Mark Foy, the Chief Executive and Chief Nuclear Inspector of the Office for Nuclear Regulation, presented the piece of work alongside Jo Nettleton, Chief Regulator at the Environment Agency and Clive Nixon, Group Chief Nuclear Strategy Officer, at the Nuclear Decommissioning Authority.

The UK delegation highlighted and proposed current and future decommissioning priorities for the country, which include the:

  • Continued remediation at Sellafield, specifically retrievals of radioactive waste inventory from high hazard legacy ponds and silos;
  • Implementation of the strategy for safely managing Magnox fuel not reprocessed at Sellafield;
  • Implementation and management of site-specific strategies for decommissioning of Magnox reactor sites; and,
  • Maintaining progress with voluntary siting for a Geological Disposal Facility.

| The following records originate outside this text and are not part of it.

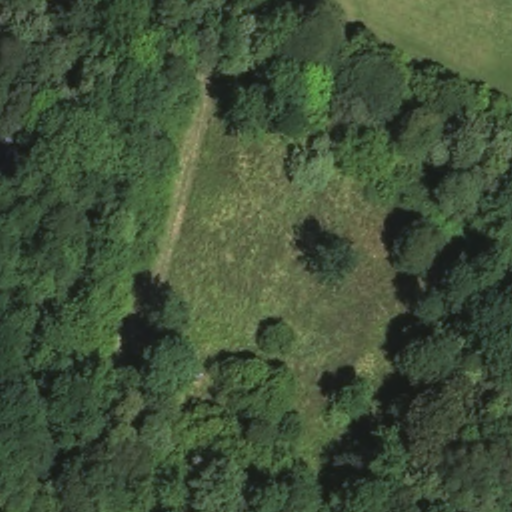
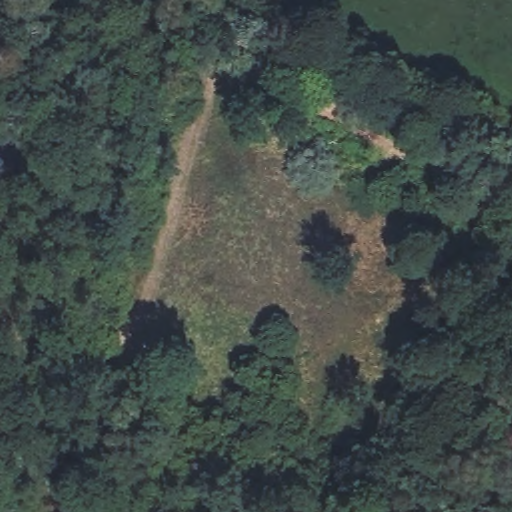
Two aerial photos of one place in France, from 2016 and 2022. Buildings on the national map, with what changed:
unchanged [(19,146),(5,187),(0,185),(0,142),(19,146)]

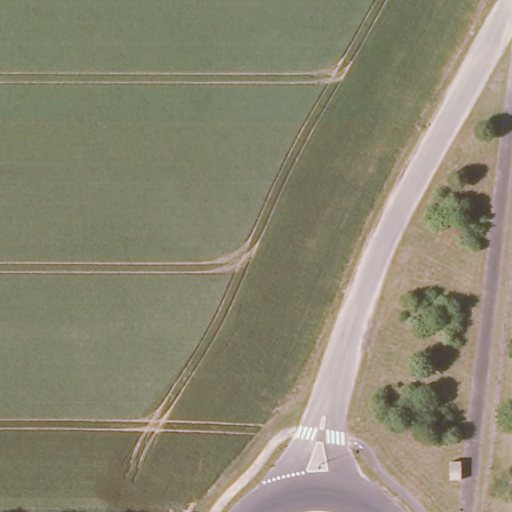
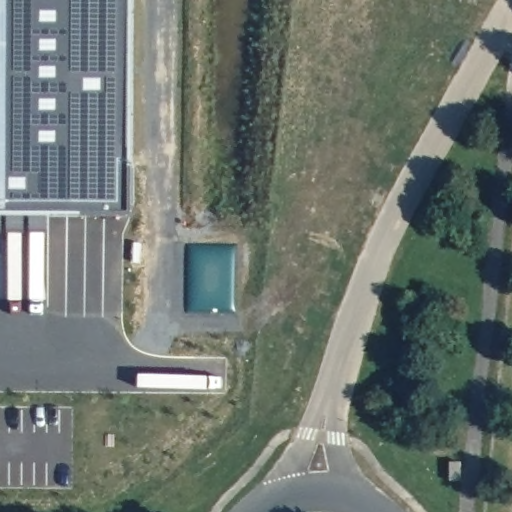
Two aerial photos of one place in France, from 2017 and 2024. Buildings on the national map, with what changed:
new [(132,216),(0,215),(0,0),(133,0),(132,216)]

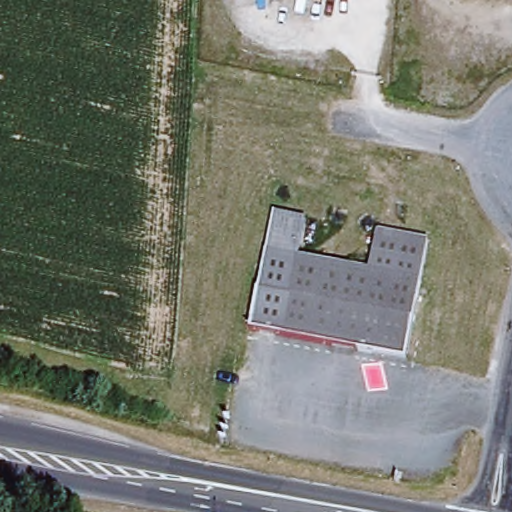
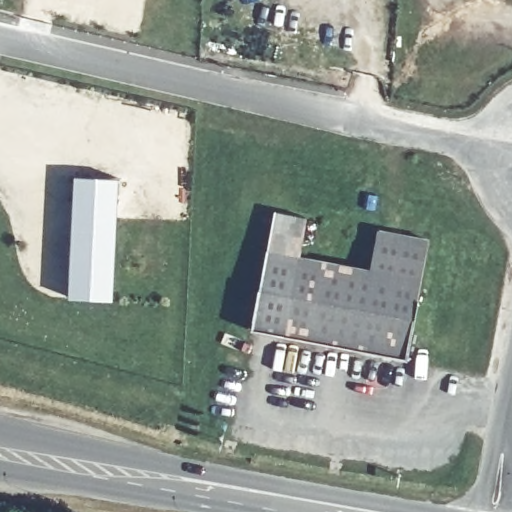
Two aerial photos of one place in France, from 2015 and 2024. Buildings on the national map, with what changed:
new [(110,300),(67,297),(73,176),(116,179),(110,300)]
unchanged [(256,330),(275,208),(320,216),(313,257),(365,265),(371,225),(429,235),(409,357),(256,330)]

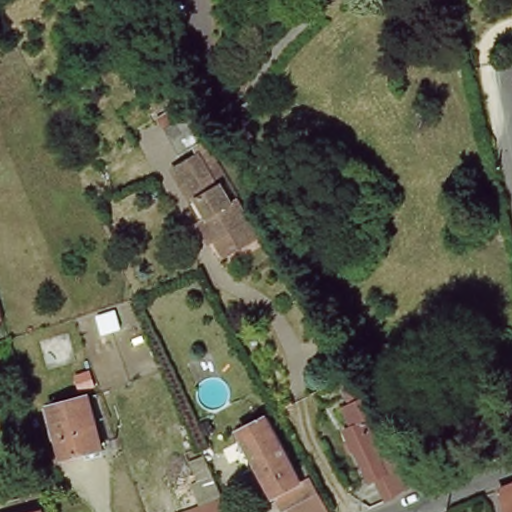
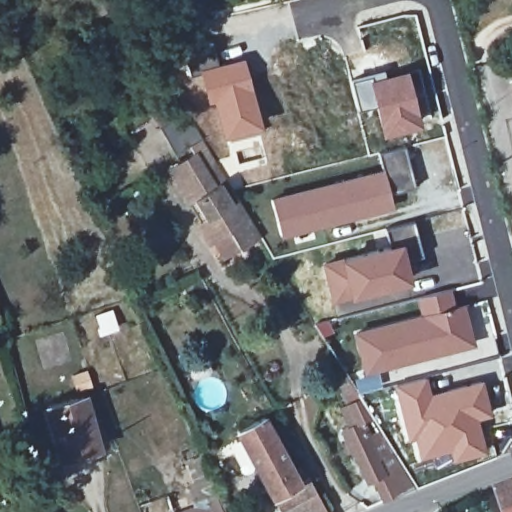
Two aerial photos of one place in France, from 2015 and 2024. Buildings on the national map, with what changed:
unchanged [(101,41),(122,29),(128,40),(107,52),(101,41)]
new [(243,56),(261,126),(223,136),(197,69),(243,56)]
new [(405,67),(419,123),(379,132),(372,105),(356,109),(349,77),(405,67)]
unchanged [(214,244),(208,247),(195,227),(200,225),(169,175),(196,158),(191,151),(176,160),(160,134),(152,122),(162,115),(170,127),(186,117),(260,239),(241,251),(224,261),(214,244)]
new [(402,143),(414,187),(390,194),(381,167),(377,150),(402,143)]
new [(381,167),(390,194),(393,206),(344,222),(281,238),(270,197),(381,167)]
new [(389,242),(385,226),(412,220),(421,257),(406,261),(410,279),(331,302),(319,261),(389,242)]
new [(426,375),(431,391),(482,379),(491,416),(478,420),(485,451),(449,460),(446,450),(417,457),(412,438),(406,440),(392,383),(426,375)]
unchanged [(352,377),(361,391),(365,398),(355,402),(351,396),(342,382),(352,377)]
unchanged [(99,448),(61,458),(47,407),(86,397),(99,448)]
unchanged [(390,502),(381,481),(375,483),(360,451),(358,451),(349,431),(357,427),(349,408),(367,400),(378,417),(368,422),(374,433),(384,427),(420,489),(390,502)]
unchanged [(315,471),(321,485),(330,500),(336,512),(294,512),(290,502),(285,505),(242,427),(270,412),(299,465),(309,460),(315,471)]
unchanged [(506,512),(498,489),(512,483),(512,512),(506,512)]
unchanged [(208,500),(218,496),(225,512),(175,512),(175,511),(208,500)]

Several areas of good practice were highlighted in the UK’s presentation including ONR’s industry-wide themed inspections, the UK’s pro-innovation approach to regulating artificial intelligence and the establishment of both the Nuclear Skills Executive Council and Nuclear Skills Taskforce to address future skills and capability needs across the sector.

The use of robotics at Dounreay, ONR’s openness and transparency policy, deployment of divers in the Pile Fuel Storage Pond, the new UK-wide policy framework for managing radioactive substances and nuclear decommissioning, and ONR’s delicensing of the Imperial College Reactor Centre were also noted as UK areas of good performance.

The Joint Convention has been hosted by the IAEA since 2001 and seeks to achieve and maintain a high level of worldwide safety in spent fuel and radioactive waste management.

At each review meeting, national reports are delivered setting out compliance with the obligations of the Joint Convention, before discussion and debate as part of a peer review process.

An overall summary report will be published by the IAEA at the end of the convention.